Children's charity says situation facing young people in UK is expected to worsen as cuts threaten to 'sideline' a generation
Children and young people in the UK are facing a bleaker future under the coalition government than they did under Labour, according to children's charity Unicef.
In what amounts to a direct challenge to the government's austerity agenda and widespread tightening of access to benefits, Unicef ranks the UK 16th out of 29 developed countries for overall wellbeing – and warns that teenagers' prospects trail behind their counterparts in many European countries, including Slovenia, the Czech Republic and Portugal.
Continuing high rates of teenage pregnancy, relatively low levels of young people in education, employment or training and problems of alcohol abuse in young teens push the UK down the international league table.
Unicef said the situation facing young people in Britain is "expected to worsen" as a result of government policies, and it warns that "since 2010 the downgrading of youth policy and cuts to local government services are having a profound negative effect on young people".
Unicef says although the picture for British children may appear better than when the charity last compiled a league table – which put it at the bottom of a 21-country list in 2007 – their prospects are worsening once more as the cuts threaten to "sideline" a generation.
The country is placed 29th on further education – bottom of the list of developed nations in Unicef's report – 27th on teenage pregnancy, and on youth unemployment it is ranked 24th.
The charity's report cites more than £300m – or 26% cuts – in budgets for young people's services in England in 2011-12 and other warnings that 400,000 more children will be in child poverty in 2015-16 from the Family and Parenting Institute and Institute for Fiscal Studies.
Anita Tiessen, the deputy executive director of Unicef UK, said: "There is no doubt that the situation for children and young people has deteriorated in the last three years with the government making policy choices that risk setting back children in their most serious stages of development ….
"The government needs to acknowledge this and act now. While children and young people will be the first to bear the brunt if we fail to safeguard their wellbeing, over time society will pay the price."
The report draws on statistics from 2010 and shows a general improvement in children's experiences over the first decade of this century, compared with the previous scorecard from 2007, which looked at data from 2001/2.
But Unicef says further education participation rates in the UK are falling below 75%, compared with 80% in other developed countries.
The country is in the bottom third of the table for infant mortality, with a rate of 4.4 per 1000 live births, double the rate of Sweden or Finland and below Estonia and Slovenia. Furthermore, the report says that about 20% of 11-15-year-olds in the UK report having been drunk at least twice, and there is a teenage pregnancy rate of more than 30 per 1000.
The Unicef report, which suggests Labour policies in the first decade of the century had paved the way for improvements which are now under threat, follows international charity Save The Children's first domestic fundraising appeal last autumn to help families hit by the cuts and recession.

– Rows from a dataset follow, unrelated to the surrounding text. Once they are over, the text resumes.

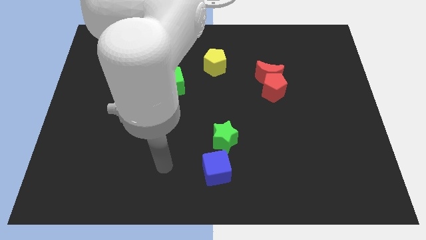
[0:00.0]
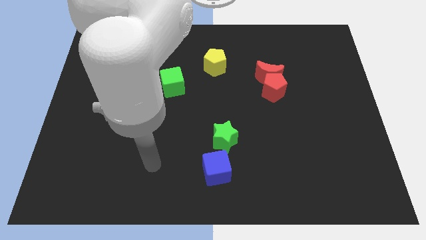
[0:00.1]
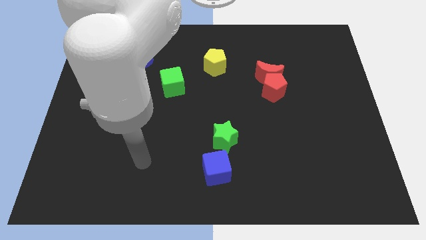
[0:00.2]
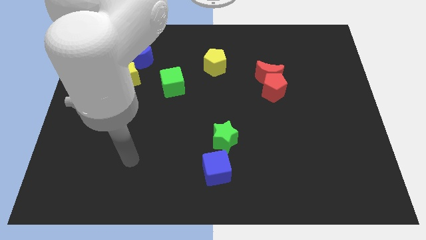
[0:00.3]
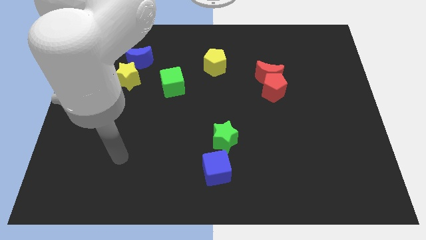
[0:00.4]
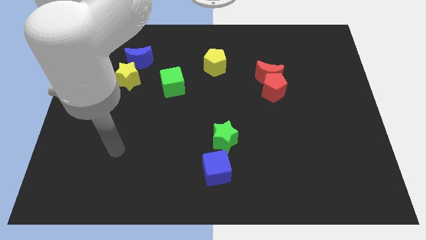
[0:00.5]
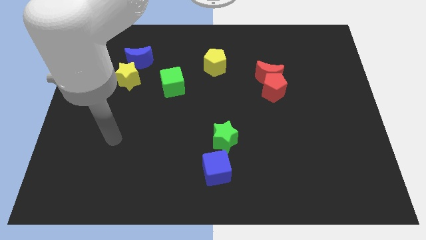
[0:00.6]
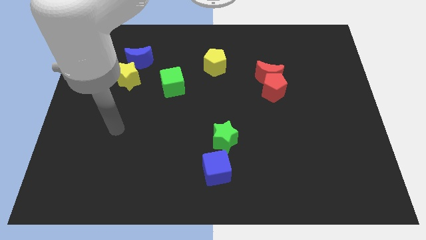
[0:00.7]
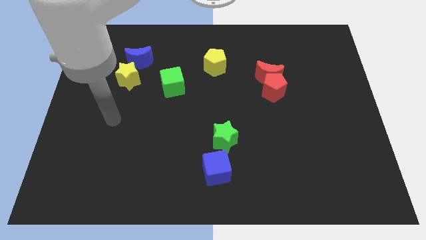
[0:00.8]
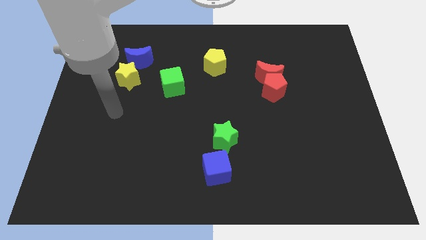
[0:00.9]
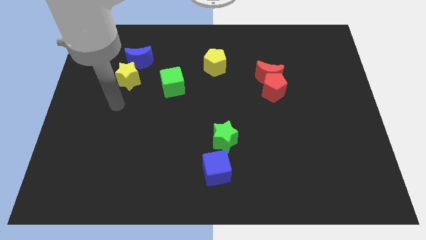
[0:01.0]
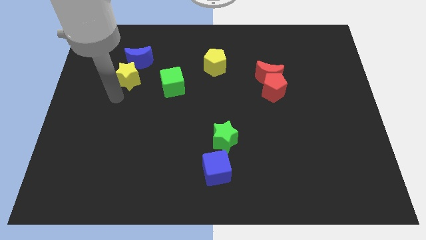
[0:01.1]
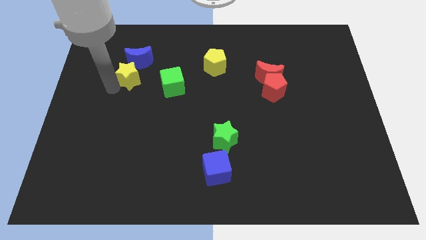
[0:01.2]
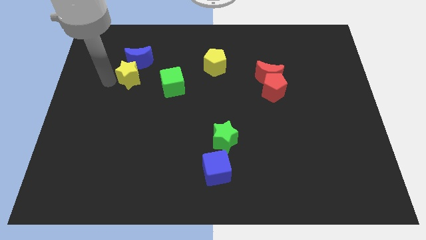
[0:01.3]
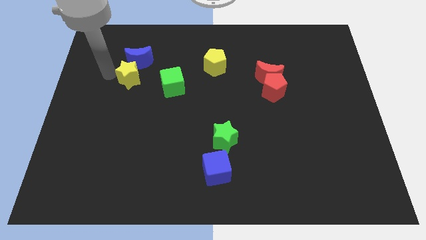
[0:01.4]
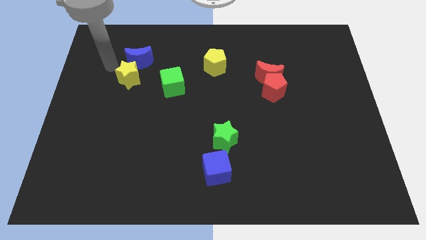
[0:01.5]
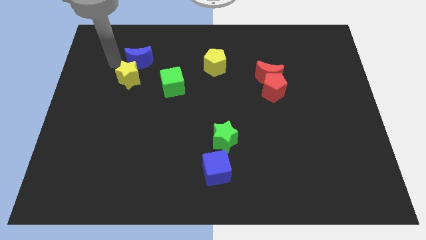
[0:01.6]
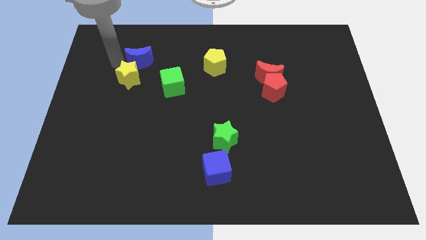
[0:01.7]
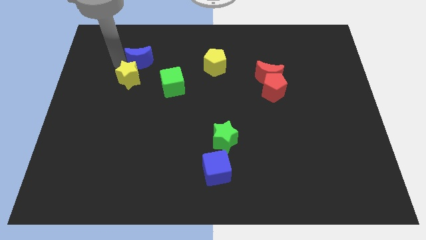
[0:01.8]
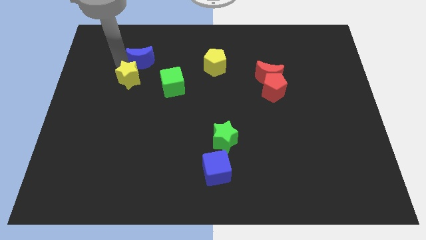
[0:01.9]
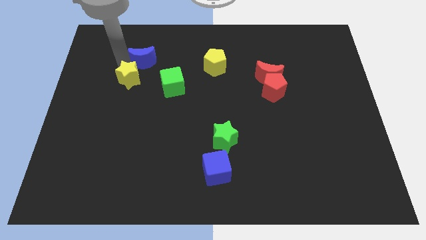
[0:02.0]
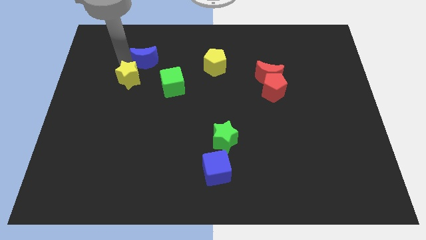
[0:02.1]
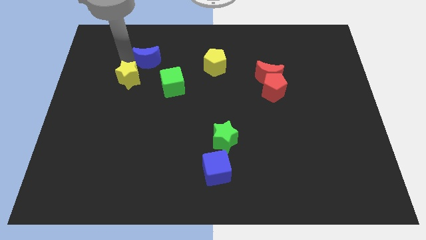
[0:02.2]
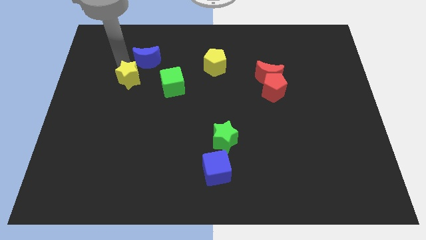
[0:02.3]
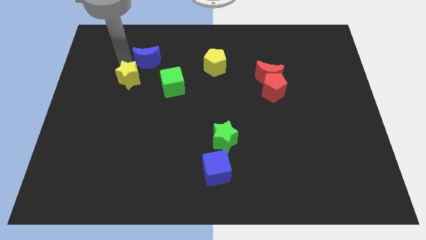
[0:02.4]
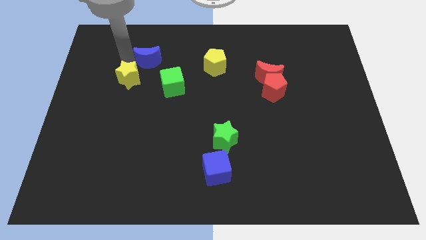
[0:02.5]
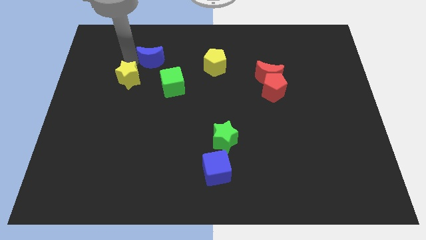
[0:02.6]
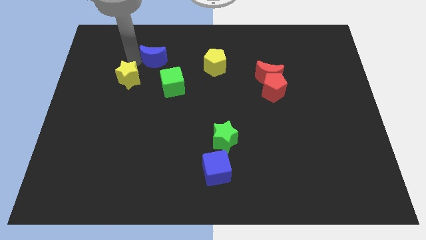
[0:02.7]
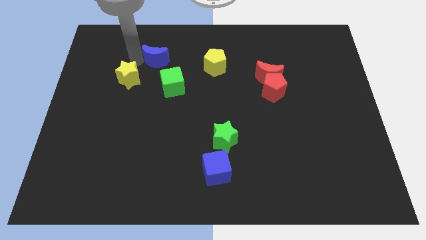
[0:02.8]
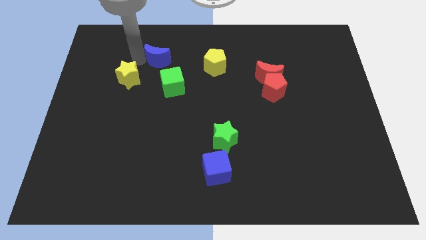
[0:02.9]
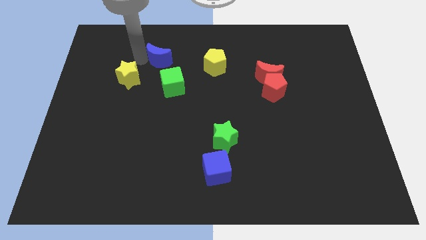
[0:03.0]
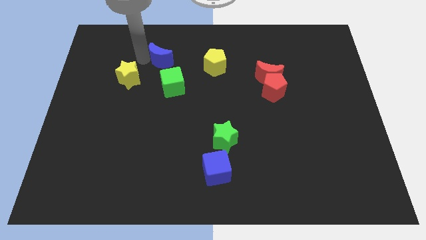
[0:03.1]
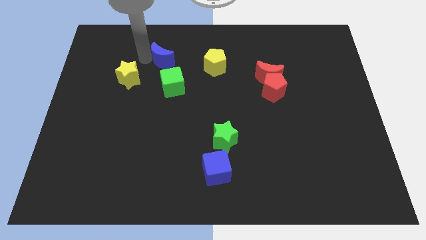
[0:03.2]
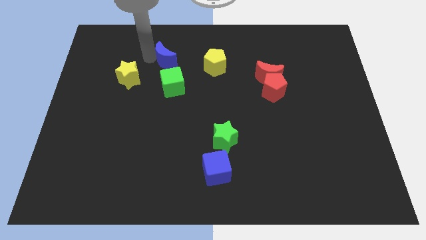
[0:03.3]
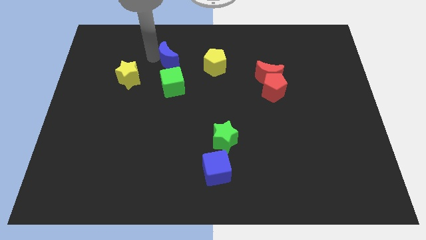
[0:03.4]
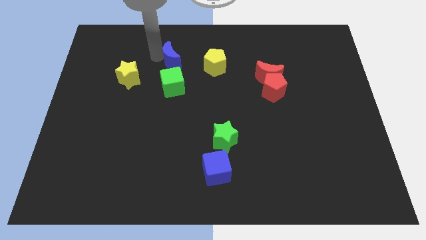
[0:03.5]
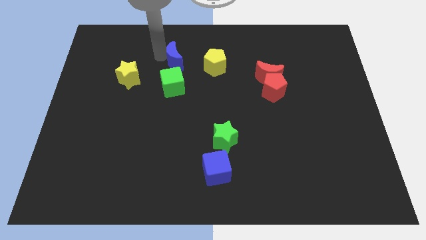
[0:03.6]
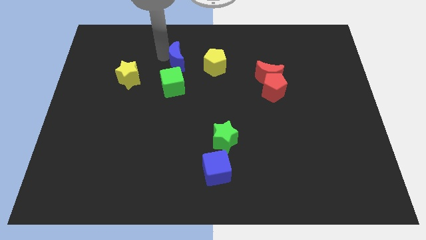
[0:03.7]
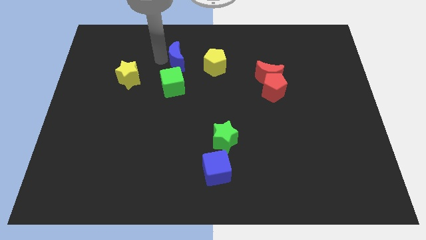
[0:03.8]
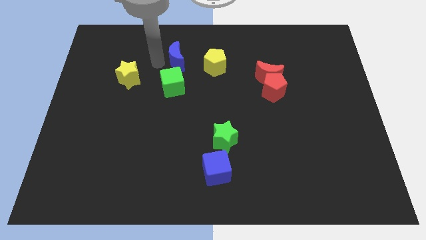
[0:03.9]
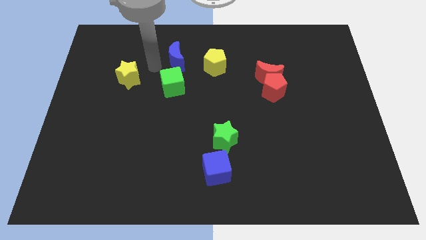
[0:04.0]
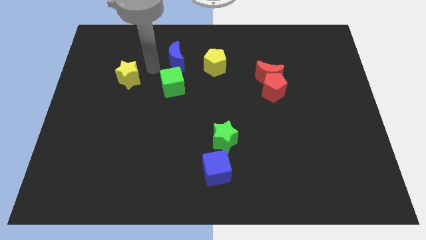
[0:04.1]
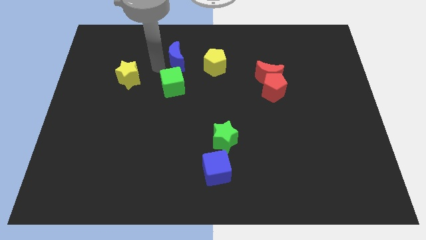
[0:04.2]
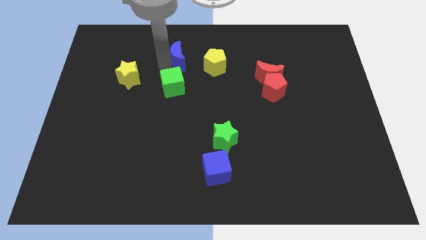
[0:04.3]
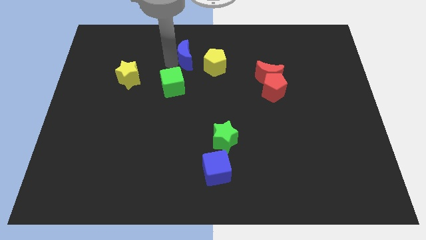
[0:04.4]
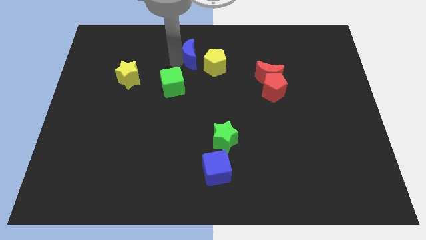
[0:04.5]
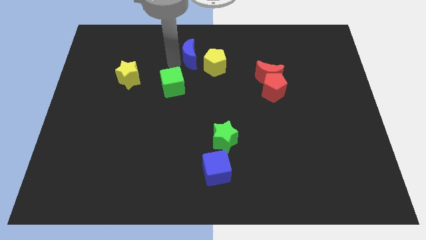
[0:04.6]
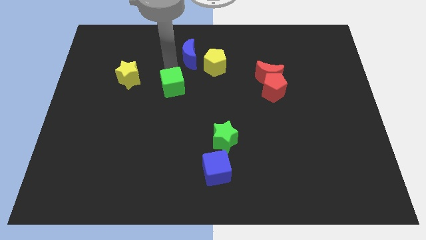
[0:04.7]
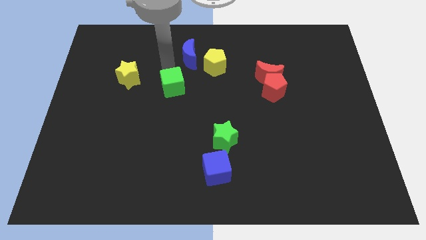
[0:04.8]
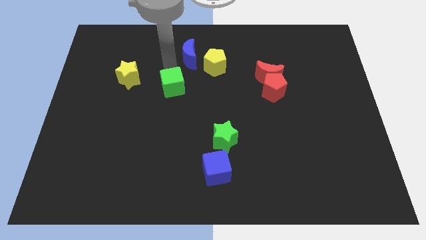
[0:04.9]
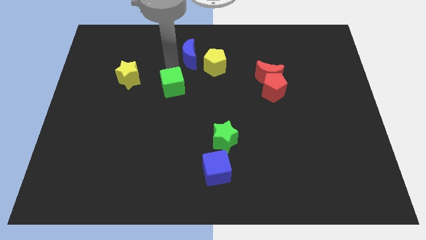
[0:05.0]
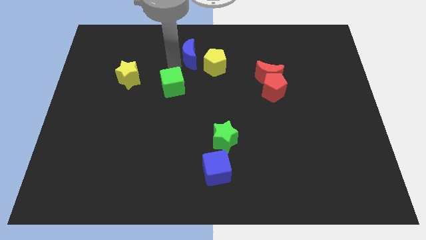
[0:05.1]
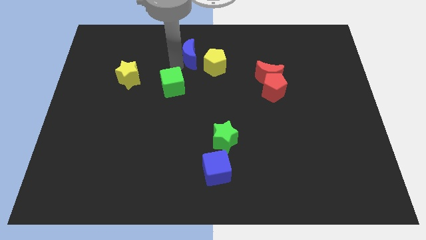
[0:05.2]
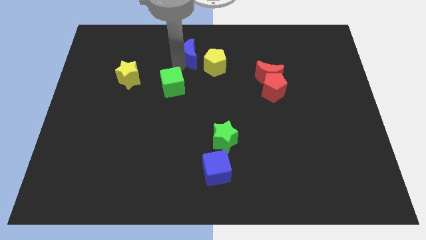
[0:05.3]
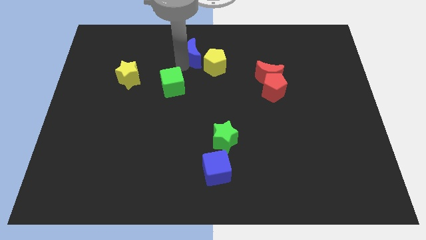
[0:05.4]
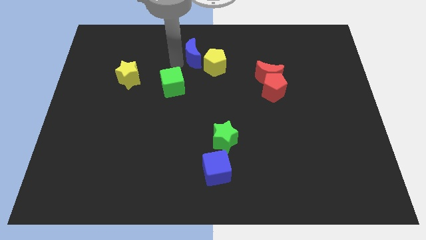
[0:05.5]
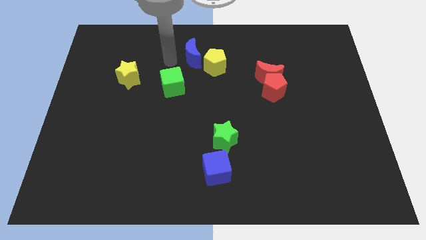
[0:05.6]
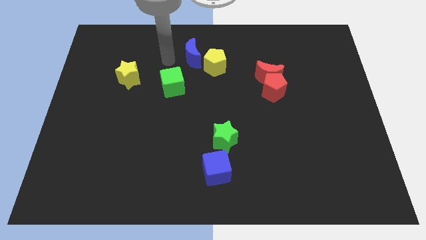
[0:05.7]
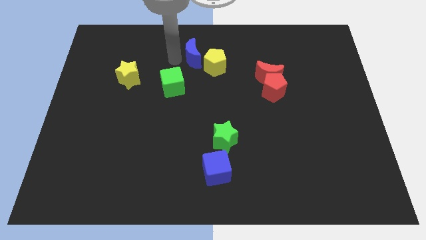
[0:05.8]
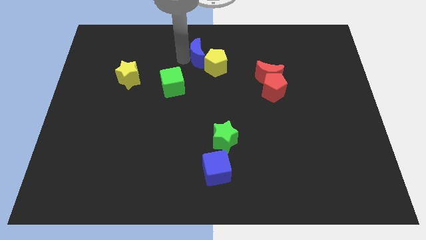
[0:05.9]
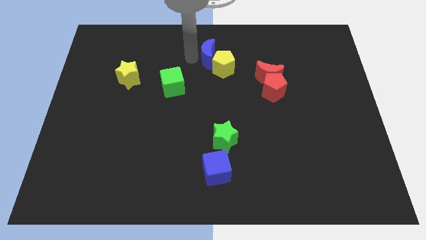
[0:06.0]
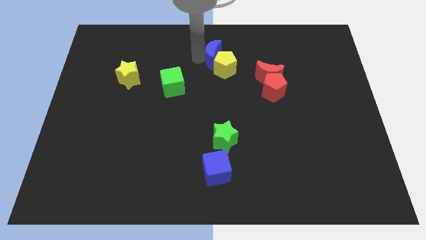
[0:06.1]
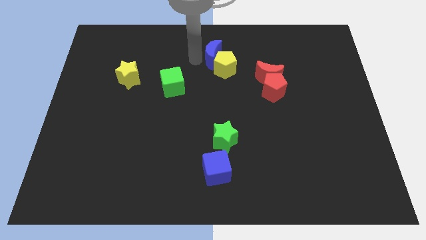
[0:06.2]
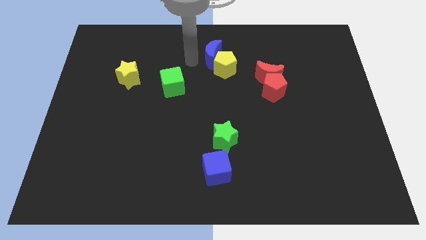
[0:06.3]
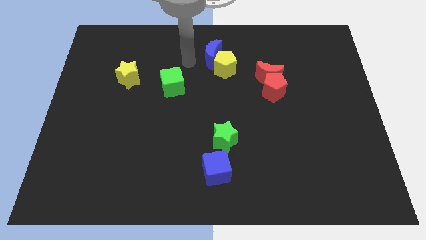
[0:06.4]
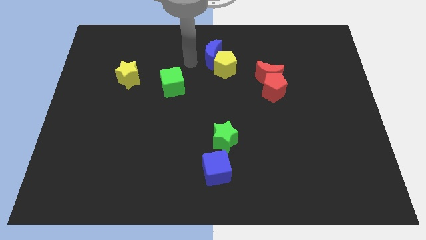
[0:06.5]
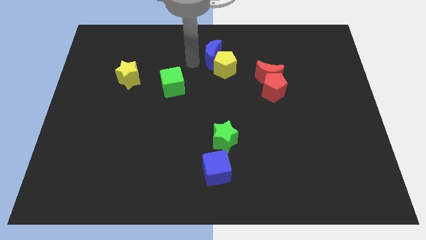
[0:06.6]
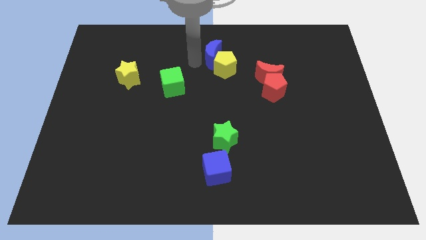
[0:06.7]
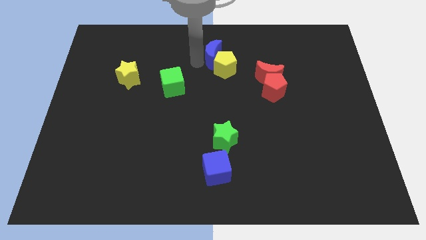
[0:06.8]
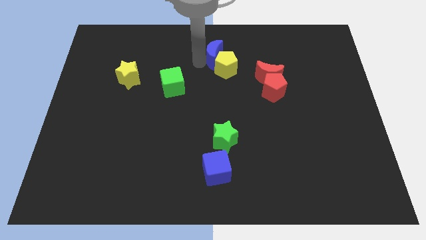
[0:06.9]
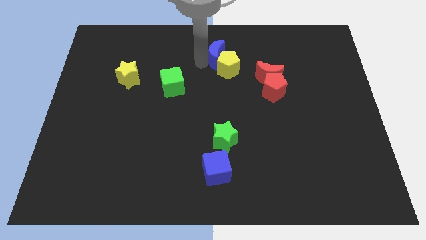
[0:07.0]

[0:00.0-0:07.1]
move the blue moon to the right

The overall table was topped by the Netherlands, the only country ranked among the top five countries in all dimensions of child wellbeing.

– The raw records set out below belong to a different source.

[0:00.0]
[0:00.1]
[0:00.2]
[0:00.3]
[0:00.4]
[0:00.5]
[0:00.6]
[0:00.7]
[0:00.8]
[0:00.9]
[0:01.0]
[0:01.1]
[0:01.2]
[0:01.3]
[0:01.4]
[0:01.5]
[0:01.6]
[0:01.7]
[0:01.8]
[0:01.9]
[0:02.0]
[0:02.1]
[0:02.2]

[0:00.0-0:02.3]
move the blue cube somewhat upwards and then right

The first covers both relative poverty and the proportion of children being deprived of access to materials such as three meals a day, books suitable for their age and development, bikes or roller skates, indoor games, appropriate clothing or an internet connection. Others are health and safety, educational wellbeing, proper housing and environment, and a "behaviours and risks" category covering factors such as teenage fertility, smoking, alcohol and cannabis use, fighting, bullying, being overweight or lacking exercise and daily breakfast and fruit.
Following the Netherlands on the overall league table are Finland, Iceland, Norway and Sweden, while at the opposite end, from the bottom, are Romania, Latvia, Lithuania, the US and Greece. Unicef says there does not appear to be a strong relationship with countries' per-capita GDP and there are signs that the countries of central and eastern Europe are being to close the gap on more established industrial economies.
Its report says: "As a moral imperative, the need to promote the wellbeing of children is widely accepted. As a pragmatic imperative, it is equally deserving of priority; failure to protect and promote the wellbeing of children is associated with increased risk across a wide range of later-life outcomes.
The report says that these outcomes range from "impaired cognitive development to lower levels of school achievement, from reduced skills and expectations to lower productivity and earnings, from higher rates of unemployment to increased dependence on welfare, from the prevalence of antisocial behaviour to involvement in crime, from the greater likelihood of drug and alcohol abuse to higher levels of teenage births, and from increased health care costs to a higher incidence of mental illness."